§ Exercise objective
Give the entries back exactly as they stand, but without pictures.

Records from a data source
________
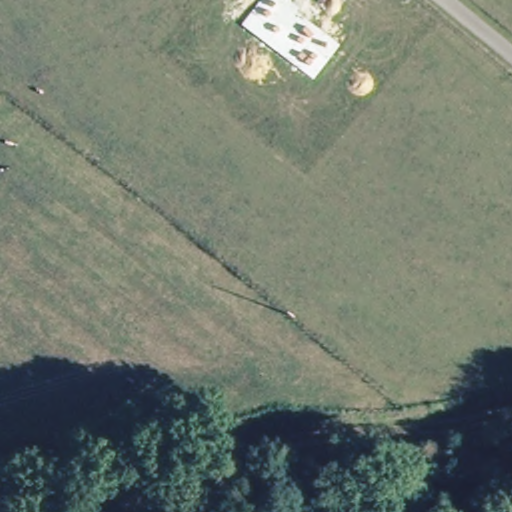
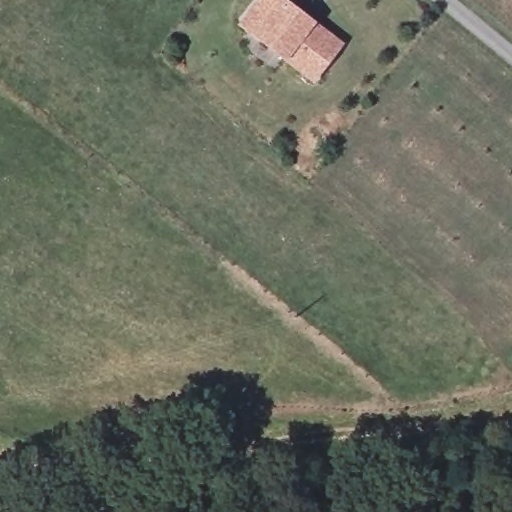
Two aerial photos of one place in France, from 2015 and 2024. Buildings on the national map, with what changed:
new [(312,84),(284,61),(252,34),(237,24),(256,0),(285,0),(285,1),(341,41),(312,84)]

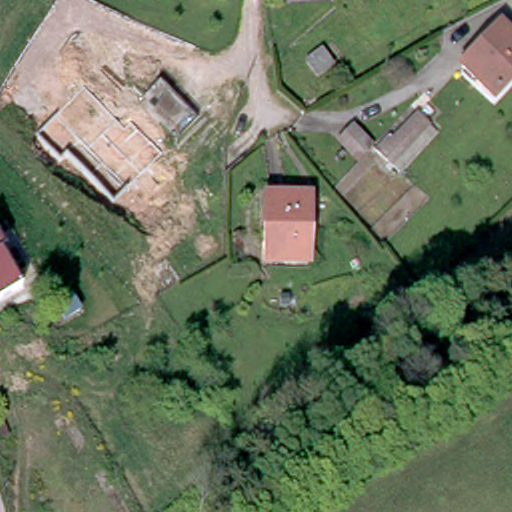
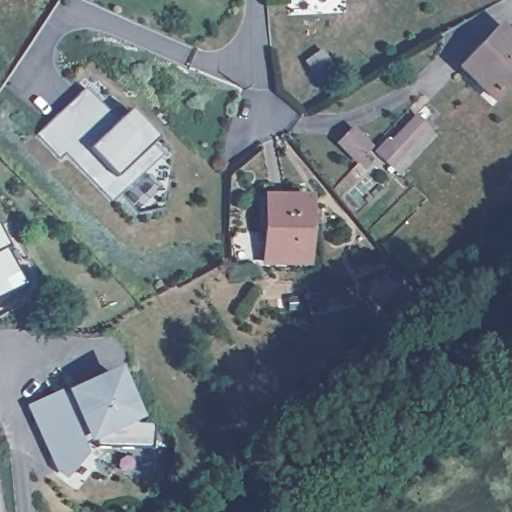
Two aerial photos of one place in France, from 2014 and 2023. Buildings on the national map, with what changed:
unchanged [(512,77),(495,97),(462,67),(499,26),(512,38),(512,77)]
demolished [(154,76),(192,117),(172,138),(132,98),(154,76)]
new [(119,119),(127,111),(155,138),(150,143),(160,155),(112,202),(67,155),(61,160),(37,134),(83,89),(119,119)]
demolished [(105,107),(163,175),(137,197),(119,174),(67,139),(105,107)]
unchanged [(392,167),(375,152),(383,142),(387,138),(392,141),(415,114),(428,125),(435,132),(405,167),(400,174),(392,167)]
unchanged [(360,152),(369,160),(361,164),(336,138),(352,122),(372,141),(360,152)]
unchanged [(310,196),(307,260),(262,257),(265,192),(310,196)]
unchanged [(7,245),(0,250),(0,235),(7,245)]
unchanged [(21,286),(0,298),(0,250),(21,286)]
new [(57,391),(64,389),(117,367),(140,419),(133,422),(149,425),(150,446),(97,445),(95,440),(87,443),(87,439),(80,443),(81,444),(86,455),(66,478),(56,471),(26,405),(57,391)]
unchanged [(9,423),(12,436),(0,440),(0,426),(9,423)]

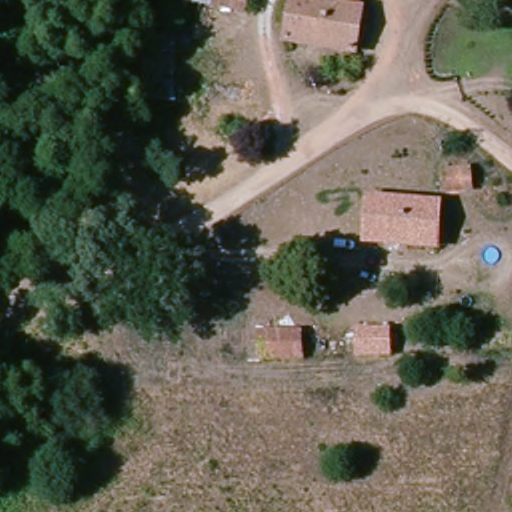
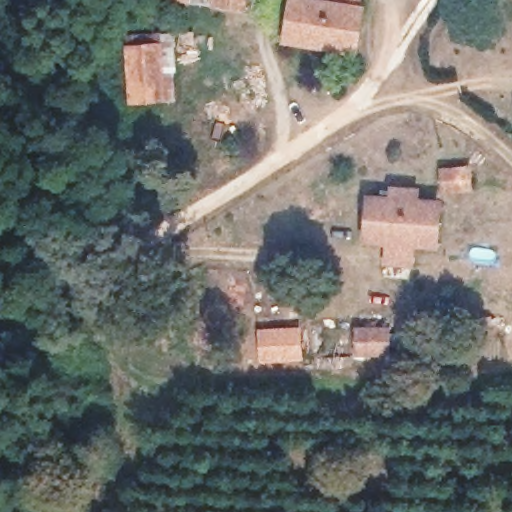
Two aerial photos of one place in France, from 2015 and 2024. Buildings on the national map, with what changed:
unchanged [(177,0),(208,0),(206,9),(177,0)]
unchanged [(217,7),(218,0),(257,0),(257,9),(217,7)]
unchanged [(284,0),(361,0),(357,43),(280,36),(284,0)]
new [(160,39),(159,34),(174,32),(176,100),(127,104),(124,40),(160,39)]
unchanged [(367,240),(373,197),(440,204),(437,248),(367,240)]
unchanged [(387,323),(387,348),(353,348),(356,322),(387,323)]
unchanged [(307,356),(257,360),(255,330),(306,325),(307,356)]

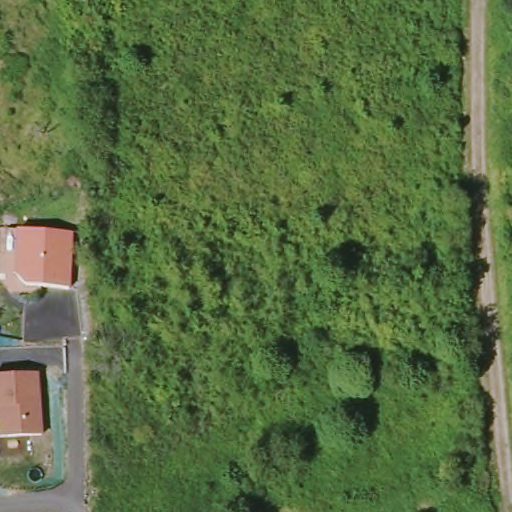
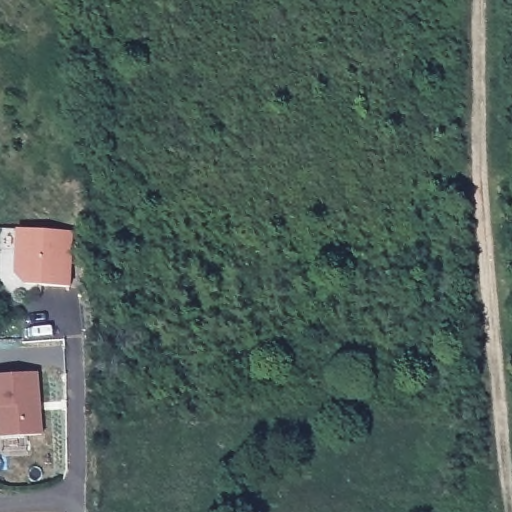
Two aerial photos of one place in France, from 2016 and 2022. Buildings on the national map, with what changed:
unchanged [(28,284),(17,271),(20,230),(76,233),(77,285),(28,284)]
unchanged [(0,439),(0,433),(0,377),(40,373),(44,436),(0,439)]

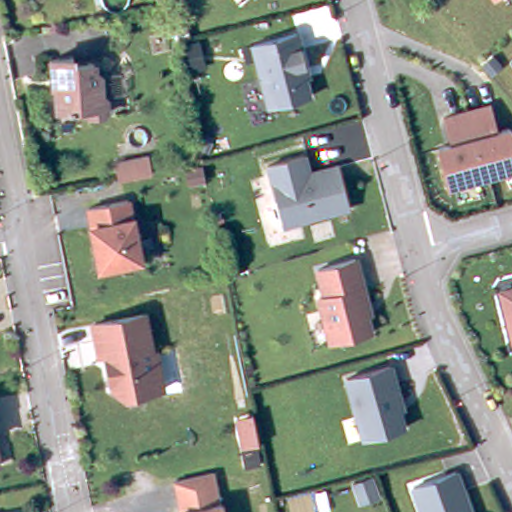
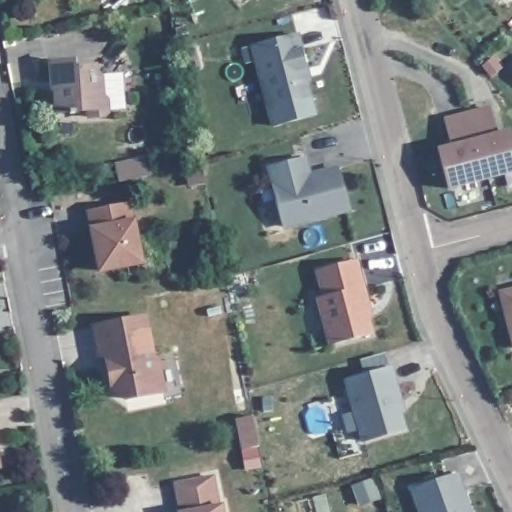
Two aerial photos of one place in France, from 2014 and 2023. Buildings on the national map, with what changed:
unchanged [(494,0),(492,2),(491,0),(494,0)]
unchanged [(299,32),(313,75),(308,76),(315,97),(267,109),(250,46),(299,32)]
unchanged [(206,68),(185,74),(177,48),(200,43),(206,68)]
unchanged [(77,59),(78,65),(99,63),(100,68),(105,73),(107,93),(111,96),(113,113),(95,114),(93,108),(78,109),(78,111),(74,112),(73,109),(62,108),(60,79),(57,78),(56,61),(77,59)]
unchanged [(438,149),(453,144),(443,118),(490,105),(497,133),(510,129),(512,132),(512,173),(449,190),(438,149)]
unchanged [(350,211),(282,228),(269,165),(306,155),(311,170),(337,165),(350,211)]
unchanged [(121,181),(117,163),(148,156),(151,175),(121,181)]
unchanged [(93,274),(81,228),(79,211),(128,202),(130,220),(139,265),(93,274)]
unchanged [(362,258),(377,310),(368,314),(375,333),(329,345),(316,299),(321,297),(315,270),(362,258)]
unchanged [(512,285),(512,340),(498,289),(512,285)]
unchanged [(97,362),(90,363),(85,323),(148,315),(165,392),(121,401),(110,392),(102,393),(97,362)]
unchanged [(393,366),(410,410),(404,412),(410,429),(365,443),(345,381),(393,366)]
unchanged [(235,421),(254,416),(260,444),(241,449),(235,421)]
unchanged [(1,467),(0,467),(0,460),(1,467)]
unchanged [(460,473),(475,512),(420,512),(412,489),(460,473)]
unchanged [(170,511),(176,509),(171,481),(213,474),(220,505),(222,512),(170,512),(170,511)]

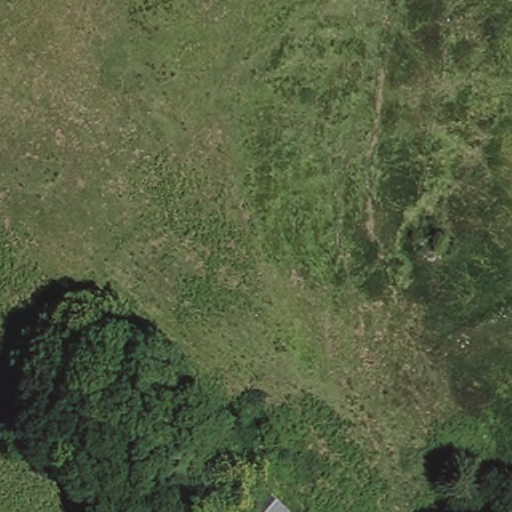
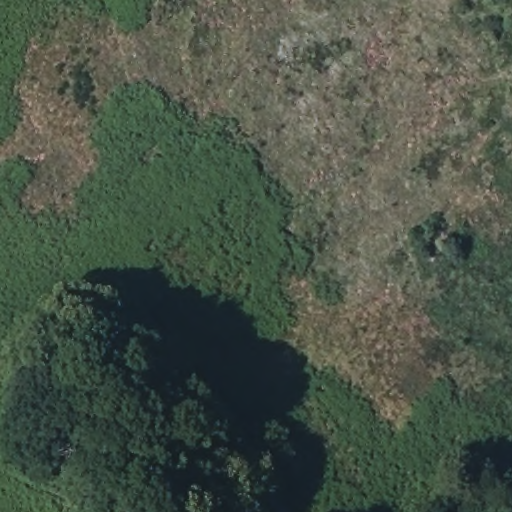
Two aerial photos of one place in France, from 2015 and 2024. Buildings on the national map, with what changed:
unchanged [(267,497),(283,512),(252,512),(267,497)]

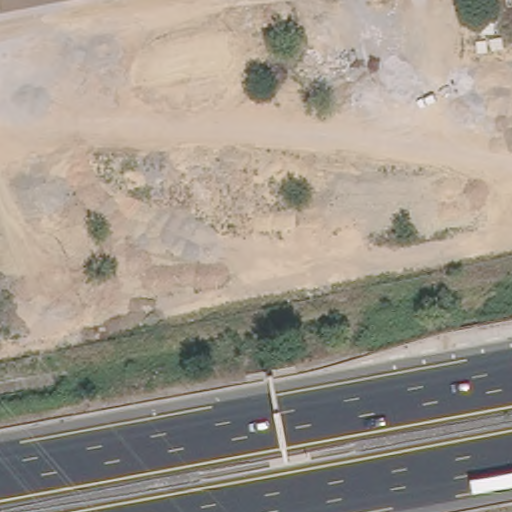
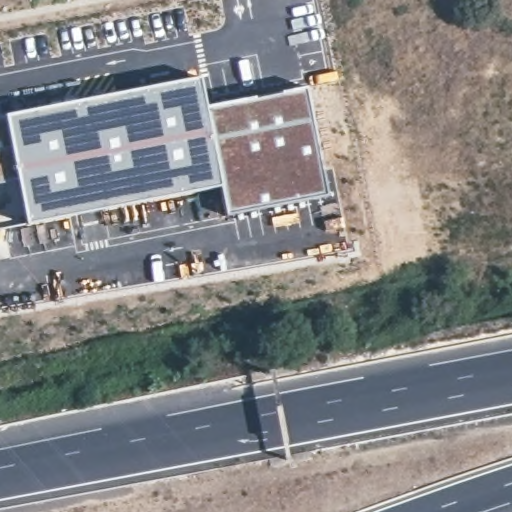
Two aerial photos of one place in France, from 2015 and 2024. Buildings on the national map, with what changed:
new [(201,76),(207,105),(221,187),(26,225),(17,179),(4,114),(201,76)]
new [(270,94),(307,86),(327,196),(227,216),(221,187),(207,105),(270,94)]
new [(4,114),(17,179),(0,184),(0,115),(4,114)]
________
§ Expected answer
Two aerial photos of one place in France, from 2015 and 2024. Buildings on the national map, with what changed:
new [(312,84),(284,61),(252,34),(237,24),(256,0),(285,0),(285,1),(341,41),(312,84)]

Two aerial photos of one place in France, from 2014 and 2023. Buildings on the national map, with what changed:
unchanged [(512,77),(495,97),(462,67),(499,26),(512,38),(512,77)]
demolished [(154,76),(192,117),(172,138),(132,98),(154,76)]
new [(119,119),(127,111),(155,138),(150,143),(160,155),(112,202),(67,155),(61,160),(37,134),(83,89),(119,119)]
demolished [(105,107),(163,175),(137,197),(119,174),(67,139),(105,107)]
unchanged [(392,167),(375,152),(383,142),(387,138),(392,141),(415,114),(428,125),(435,132),(405,167),(400,174),(392,167)]
unchanged [(360,152),(369,160),(361,164),(336,138),(352,122),(372,141),(360,152)]
unchanged [(310,196),(307,260),(262,257),(265,192),(310,196)]
unchanged [(7,245),(0,250),(0,235),(7,245)]
unchanged [(21,286),(0,298),(0,250),(21,286)]
new [(57,391),(64,389),(117,367),(140,419),(133,422),(149,425),(150,446),(97,445),(95,440),(87,443),(87,439),(80,443),(81,444),(86,455),(66,478),(56,471),(26,405),(57,391)]
unchanged [(9,423),(12,436),(0,440),(0,426),(9,423)]

Two aerial photos of one place in France, from 2015 and 2024. Buildings on the national map, with what changed:
unchanged [(177,0),(208,0),(206,9),(177,0)]
unchanged [(217,7),(218,0),(257,0),(257,9),(217,7)]
unchanged [(284,0),(361,0),(357,43),(280,36),(284,0)]
new [(160,39),(159,34),(174,32),(176,100),(127,104),(124,40),(160,39)]
unchanged [(367,240),(373,197),(440,204),(437,248),(367,240)]
unchanged [(387,323),(387,348),(353,348),(356,322),(387,323)]
unchanged [(307,356),(257,360),(255,330),(306,325),(307,356)]

Two aerial photos of one place in France, from 2016 and 2022. Buildings on the national map, with what changed:
unchanged [(28,284),(17,271),(20,230),(76,233),(77,285),(28,284)]
unchanged [(0,439),(0,433),(0,377),(40,373),(44,436),(0,439)]

Two aerial photos of one place in France, from 2014 and 2023. Buildings on the national map, with what changed:
unchanged [(494,0),(492,2),(491,0),(494,0)]
unchanged [(299,32),(313,75),(308,76),(315,97),(267,109),(250,46),(299,32)]
unchanged [(206,68),(185,74),(177,48),(200,43),(206,68)]
unchanged [(77,59),(78,65),(99,63),(100,68),(105,73),(107,93),(111,96),(113,113),(95,114),(93,108),(78,109),(78,111),(74,112),(73,109),(62,108),(60,79),(57,78),(56,61),(77,59)]
unchanged [(438,149),(453,144),(443,118),(490,105),(497,133),(510,129),(512,132),(512,173),(449,190),(438,149)]
unchanged [(350,211),(282,228),(269,165),(306,155),(311,170),(337,165),(350,211)]
unchanged [(121,181),(117,163),(148,156),(151,175),(121,181)]
unchanged [(93,274),(81,228),(79,211),(128,202),(130,220),(139,265),(93,274)]
unchanged [(362,258),(377,310),(368,314),(375,333),(329,345),(316,299),(321,297),(315,270),(362,258)]
unchanged [(512,285),(512,340),(498,289),(512,285)]
unchanged [(97,362),(90,363),(85,323),(148,315),(165,392),(121,401),(110,392),(102,393),(97,362)]
unchanged [(393,366),(410,410),(404,412),(410,429),(365,443),(345,381),(393,366)]
unchanged [(235,421),(254,416),(260,444),(241,449),(235,421)]
unchanged [(1,467),(0,467),(0,460),(1,467)]
unchanged [(460,473),(475,512),(420,512),(412,489),(460,473)]
unchanged [(170,511),(176,509),(171,481),(213,474),(220,505),(222,512),(170,512),(170,511)]

Two aerial photos of one place in France, from 2015 and 2024. Buildings on the national map, with what changed:
unchanged [(267,497),(283,512),(252,512),(267,497)]

Two aerial photos of one place in France, from 2015 and 2024. Buildings on the national map, with what changed:
new [(201,76),(207,105),(221,187),(26,225),(17,179),(4,114),(201,76)]
new [(270,94),(307,86),(327,196),(227,216),(221,187),(207,105),(270,94)]
new [(4,114),(17,179),(0,184),(0,115),(4,114)]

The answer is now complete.